• _Record set_:
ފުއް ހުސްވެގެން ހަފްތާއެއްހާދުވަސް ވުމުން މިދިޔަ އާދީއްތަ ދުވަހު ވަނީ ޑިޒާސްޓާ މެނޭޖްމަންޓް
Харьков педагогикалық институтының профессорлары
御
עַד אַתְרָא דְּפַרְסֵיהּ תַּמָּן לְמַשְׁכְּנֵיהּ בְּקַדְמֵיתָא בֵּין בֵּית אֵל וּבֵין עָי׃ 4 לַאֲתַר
==
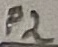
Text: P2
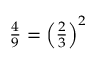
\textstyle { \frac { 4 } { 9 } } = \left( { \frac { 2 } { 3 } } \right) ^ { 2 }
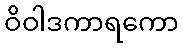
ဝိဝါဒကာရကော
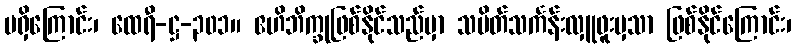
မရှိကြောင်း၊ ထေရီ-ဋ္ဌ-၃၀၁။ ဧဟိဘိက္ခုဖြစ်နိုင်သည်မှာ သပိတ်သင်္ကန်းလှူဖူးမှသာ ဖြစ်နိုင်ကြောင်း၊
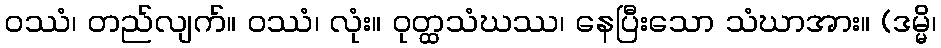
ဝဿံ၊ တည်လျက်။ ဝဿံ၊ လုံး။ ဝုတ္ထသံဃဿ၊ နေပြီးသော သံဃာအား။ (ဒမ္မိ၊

• _Required work_:
I'd like the lines above repeated exactly, from the one that contains "ဝိဝါဒကာရကော" through the one that contains "ဝဿံ၊ တည်လျက်။ ဝဿံ၊", with no pictures.

• _Response to this exercise_:
ဝိဝါဒကာရကော
မရှိကြောင်း၊ ထေရီ-ဋ္ဌ-၃၀၁။ ဧဟိဘိက္ခုဖြစ်နိုင်သည်မှာ သပိတ်သင်္ကန်းလှူဖူးမှသာ ဖြစ်နိုင်ကြောင်း၊
ဝဿံ၊ တည်လျက်။ ဝဿံ၊ လုံး။ ဝုတ္ထသံဃဿ၊ နေပြီးသော သံဃာအား။ (ဒမ္မိ၊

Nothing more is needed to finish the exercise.